In early 2013, employees at Iowa Pacific launched attempts to unionize the workforce. Weeks, who worked as an engineer, and Schweiss, a conductor, voted in favor of creating the union at Iowa Pacific, and, according to court documents, their support for the initiative was no secret at the company.

Iowa Pacific fired Schweiss the day of the vote in May 2013, and fired Weeks five months later. According to court documents, the company accused Schweiss of “disciplinary violations” connected to his “union support.” The company initially fired Weeks “without explanation,” but later asserted it had terminated his employment “for cause.”

Weeks and Schweiss together sued the company in Cook County Circuit Court in 2014, saying the company had improperly retaliated against them for their support of the union.

Cook County Circuit Judge Patrick J. Sherlock dismissed the case, siding with Iowa Pacific’s assertions the men had no legal basis to bring the case, as they had been employed as “at-will” employees and could be fired “for any reason or no reason so long as the termination did not violate a clear mandate of public policy.”

On appeal, Weeks and Schweiss argued the terminations violated the Illinois Constitution’s protections of free speech and opposed Illinois legal precedent in the 1989 case of Temple v.
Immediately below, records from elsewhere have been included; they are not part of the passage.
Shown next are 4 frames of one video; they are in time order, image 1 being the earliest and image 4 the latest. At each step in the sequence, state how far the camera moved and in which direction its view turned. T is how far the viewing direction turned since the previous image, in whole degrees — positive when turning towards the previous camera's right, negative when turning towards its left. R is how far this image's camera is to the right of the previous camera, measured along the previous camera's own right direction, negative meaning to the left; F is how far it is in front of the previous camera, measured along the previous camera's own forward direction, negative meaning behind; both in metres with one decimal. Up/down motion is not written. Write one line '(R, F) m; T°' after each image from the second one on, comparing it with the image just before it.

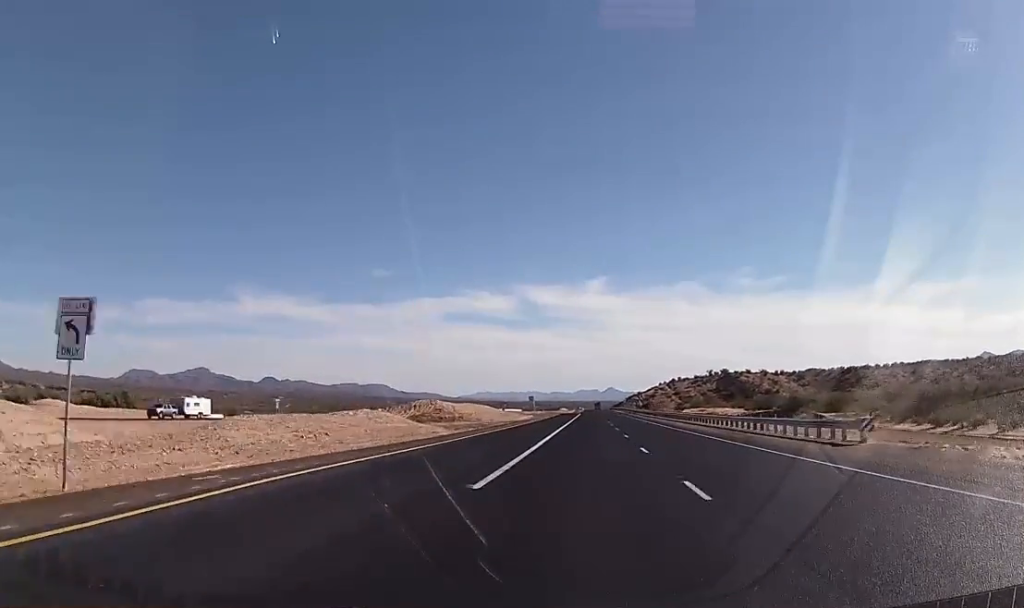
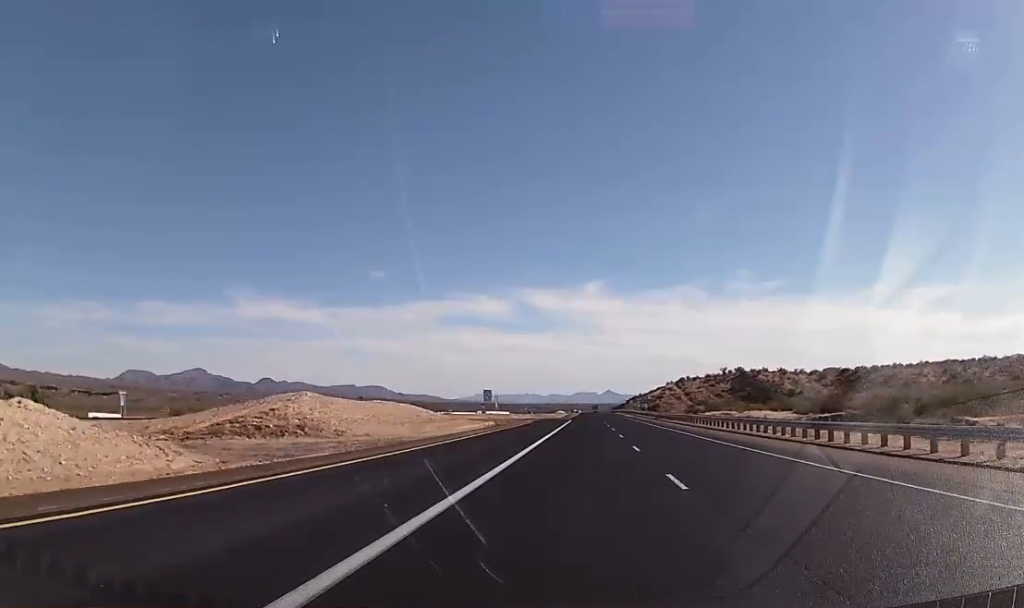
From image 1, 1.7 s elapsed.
(+0.5, +59.3) m; 0°
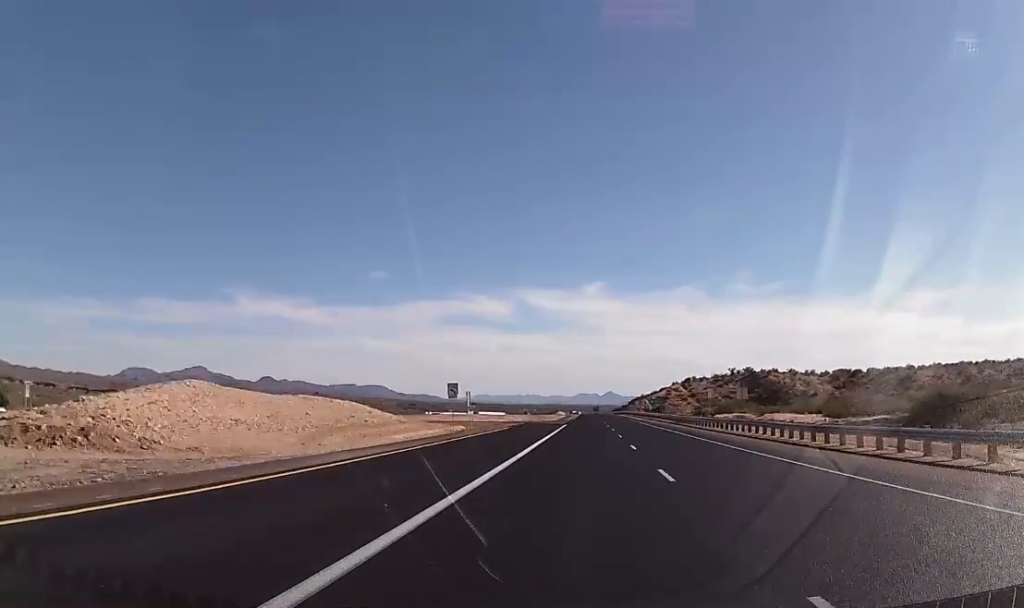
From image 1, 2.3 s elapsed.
(0.0, +22.6) m; 0°
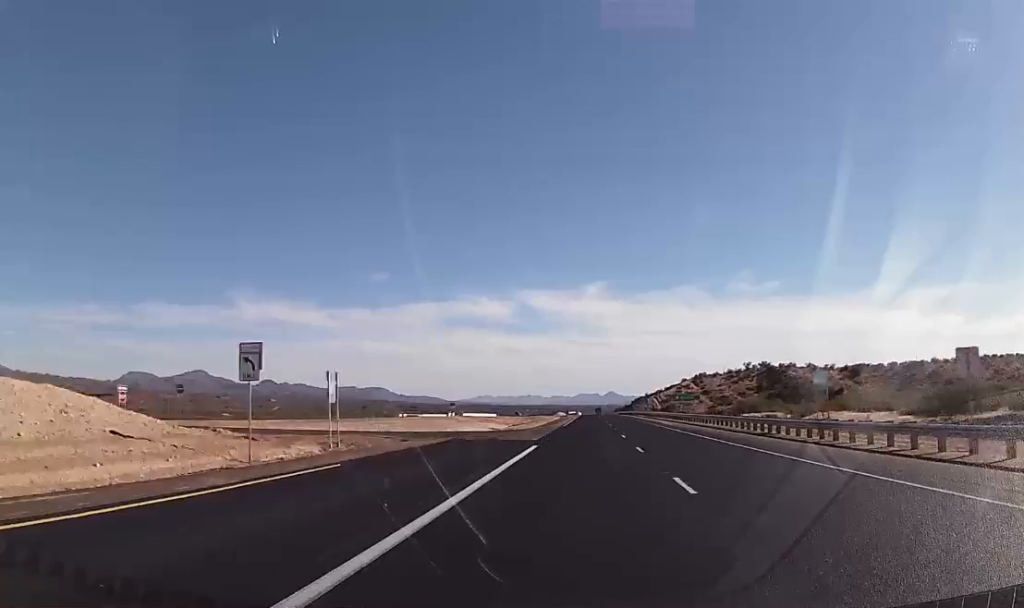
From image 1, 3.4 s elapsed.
(-0.4, +40.3) m; 0°

Board of Education of School District No. 94, in which the Illinois Third District Appellate Court found a local school district had violated legal protections afforded to workers when it fired a teacher for supporting efforts to unionize the district’s employees.
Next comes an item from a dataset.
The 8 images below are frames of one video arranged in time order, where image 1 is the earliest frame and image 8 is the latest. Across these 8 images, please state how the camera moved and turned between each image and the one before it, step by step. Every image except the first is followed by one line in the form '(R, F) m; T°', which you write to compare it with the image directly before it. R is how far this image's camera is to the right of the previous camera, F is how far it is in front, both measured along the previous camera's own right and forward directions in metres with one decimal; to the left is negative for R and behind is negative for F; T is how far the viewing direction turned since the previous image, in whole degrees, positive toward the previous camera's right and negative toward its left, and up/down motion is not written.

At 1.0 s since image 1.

Those cases, however, don’t apply in the Iowa Pacific case, the First District Appellate justices said, because Iowa Pacific is a private employer.

Constitutional free speech protections don’t extend to actions taken against employees by private employers for their speech, the justices said.

And in Temple, justices had found the school district functions as an arm of the state, and therefore, is subject to the state constitution’s prohibition on restricting speech, including for employees of state agencies and affiliated public or quasi-public bodies.

“As at-will employees, Weeks and Schweiss possessed no similar right and Iowa Pacific’s reasons for terminating them are inconsequential,” the justices said.

The appellate order, issued under Supreme Court Rule 23, was authored by Justice Michael B. Hyman, with justices Daniel J. Pierce and John B. Simon concurring.

Weeks and Schweiss were represented in the action by the Leonard Law Office, of Chicago.

Iowa Pacific was defended by the firm of Lowis & Gellen, of Chicago.